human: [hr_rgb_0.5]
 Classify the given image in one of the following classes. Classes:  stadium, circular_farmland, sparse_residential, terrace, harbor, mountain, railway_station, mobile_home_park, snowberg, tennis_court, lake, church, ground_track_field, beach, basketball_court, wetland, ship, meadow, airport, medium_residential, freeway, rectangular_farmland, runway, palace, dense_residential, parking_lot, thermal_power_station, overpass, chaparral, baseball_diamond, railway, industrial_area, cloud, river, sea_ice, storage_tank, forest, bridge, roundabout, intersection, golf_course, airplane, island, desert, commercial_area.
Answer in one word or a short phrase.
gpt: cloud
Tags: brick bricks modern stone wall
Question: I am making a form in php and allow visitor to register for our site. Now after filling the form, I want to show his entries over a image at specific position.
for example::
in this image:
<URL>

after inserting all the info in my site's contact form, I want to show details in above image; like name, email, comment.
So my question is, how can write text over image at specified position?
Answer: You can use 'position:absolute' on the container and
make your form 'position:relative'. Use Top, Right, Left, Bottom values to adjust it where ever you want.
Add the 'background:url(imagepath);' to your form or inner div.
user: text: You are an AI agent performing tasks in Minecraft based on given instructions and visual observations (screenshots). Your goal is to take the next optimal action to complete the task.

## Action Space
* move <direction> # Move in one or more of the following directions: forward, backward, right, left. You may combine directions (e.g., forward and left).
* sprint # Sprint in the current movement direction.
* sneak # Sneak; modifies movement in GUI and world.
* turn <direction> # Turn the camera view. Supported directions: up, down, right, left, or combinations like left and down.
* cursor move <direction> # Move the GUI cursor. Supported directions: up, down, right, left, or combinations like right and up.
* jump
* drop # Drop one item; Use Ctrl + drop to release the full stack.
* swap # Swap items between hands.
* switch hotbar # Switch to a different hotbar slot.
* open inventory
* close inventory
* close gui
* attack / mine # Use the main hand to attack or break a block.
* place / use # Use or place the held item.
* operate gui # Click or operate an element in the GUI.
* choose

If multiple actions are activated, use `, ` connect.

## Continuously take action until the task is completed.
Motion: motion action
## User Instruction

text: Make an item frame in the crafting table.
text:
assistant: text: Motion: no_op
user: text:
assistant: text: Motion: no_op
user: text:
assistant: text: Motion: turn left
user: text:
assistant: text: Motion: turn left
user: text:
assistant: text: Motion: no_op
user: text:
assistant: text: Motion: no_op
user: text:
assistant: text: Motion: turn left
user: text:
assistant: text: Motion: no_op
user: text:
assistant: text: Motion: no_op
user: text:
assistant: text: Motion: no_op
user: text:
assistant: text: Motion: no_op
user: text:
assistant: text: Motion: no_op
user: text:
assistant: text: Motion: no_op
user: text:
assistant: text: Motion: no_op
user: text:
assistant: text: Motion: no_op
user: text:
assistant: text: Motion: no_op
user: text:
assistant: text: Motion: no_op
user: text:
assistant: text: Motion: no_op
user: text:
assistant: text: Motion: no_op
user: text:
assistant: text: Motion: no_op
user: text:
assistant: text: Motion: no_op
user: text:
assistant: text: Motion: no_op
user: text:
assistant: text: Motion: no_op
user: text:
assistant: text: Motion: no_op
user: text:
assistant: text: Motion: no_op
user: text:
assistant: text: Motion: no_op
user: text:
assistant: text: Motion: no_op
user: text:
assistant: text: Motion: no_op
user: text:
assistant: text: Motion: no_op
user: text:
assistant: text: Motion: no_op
■ ■ ■ ■ ■
→ **Work instruction**:
Return every line of the material exactly.

→ **Result of this exercise**:
human: [hr_rgb_0.5]
 Classify the given image in one of the following classes. Classes:  stadium, circular_farmland, sparse_residential, terrace, harbor, mountain, railway_station, mobile_home_park, snowberg, tennis_court, lake, church, ground_track_field, beach, basketball_court, wetland, ship, meadow, airport, medium_residential, freeway, rectangular_farmland, runway, palace, dense_residential, parking_lot, thermal_power_station, overpass, chaparral, baseball_diamond, railway, industrial_area, cloud, river, sea_ice, storage_tank, forest, bridge, roundabout, intersection, golf_course, airplane, island, desert, commercial_area.
Answer in one word or a short phrase.
gpt: cloud
Tags: brick bricks modern stone wall
Question: I am making a form in php and allow visitor to register for our site. Now after filling the form, I want to show his entries over a image at specific position.
for example::
in this image:
<URL>

after inserting all the info in my site's contact form, I want to show details in above image; like name, email, comment.
So my question is, how can write text over image at specified position?
Answer: You can use 'position:absolute' on the container and
make your form 'position:relative'. Use Top, Right, Left, Bottom values to adjust it where ever you want.
Add the 'background:url(imagepath);' to your form or inner div.
user: text: You are an AI agent performing tasks in Minecraft based on given instructions and visual observations (screenshots). Your goal is to take the next optimal action to complete the task.

## Action Space
* move <direction> # Move in one or more of the following directions: forward, backward, right, left. You may combine directions (e.g., forward and left).
* sprint # Sprint in the current movement direction.
* sneak # Sneak; modifies movement in GUI and world.
* turn <direction> # Turn the camera view. Supported directions: up, down, right, left, or combinations like left and down.
* cursor move <direction> # Move the GUI cursor. Supported directions: up, down, right, left, or combinations like right and up.
* jump
* drop # Drop one item; Use Ctrl + drop to release the full stack.
* swap # Swap items between hands.
* switch hotbar # Switch to a different hotbar slot.
* open inventory
* close inventory
* close gui
* attack / mine # Use the main hand to attack or break a block.
* place / use # Use or place the held item.
* operate gui # Click or operate an element in the GUI.
* choose

If multiple actions are activated, use `, ` connect.

## Continuously take action until the task is completed.
Motion: motion action
## User Instruction

text: Make an item frame in the crafting table.
text:
assistant: text: Motion: no_op
user: text:
assistant: text: Motion: no_op
user: text:
assistant: text: Motion: turn left
user: text:
assistant: text: Motion: turn left
user: text:
assistant: text: Motion: no_op
user: text:
assistant: text: Motion: no_op
user: text:
assistant: text: Motion: turn left
user: text:
assistant: text: Motion: no_op
user: text:
assistant: text: Motion: no_op
user: text:
assistant: text: Motion: no_op
user: text:
assistant: text: Motion: no_op
user: text:
assistant: text: Motion: no_op
user: text:
assistant: text: Motion: no_op
user: text:
assistant: text: Motion: no_op
user: text:
assistant: text: Motion: no_op
user: text:
assistant: text: Motion: no_op
user: text:
assistant: text: Motion: no_op
user: text:
assistant: text: Motion: no_op
user: text:
assistant: text: Motion: no_op
user: text:
assistant: text: Motion: no_op
user: text:
assistant: text: Motion: no_op
user: text:
assistant: text: Motion: no_op
user: text:
assistant: text: Motion: no_op
user: text:
assistant: text: Motion: no_op
user: text:
assistant: text: Motion: no_op
user: text:
assistant: text: Motion: no_op
user: text:
assistant: text: Motion: no_op
user: text:
assistant: text: Motion: no_op
user: text:
assistant: text: Motion: no_op
user: text:
assistant: text: Motion: no_op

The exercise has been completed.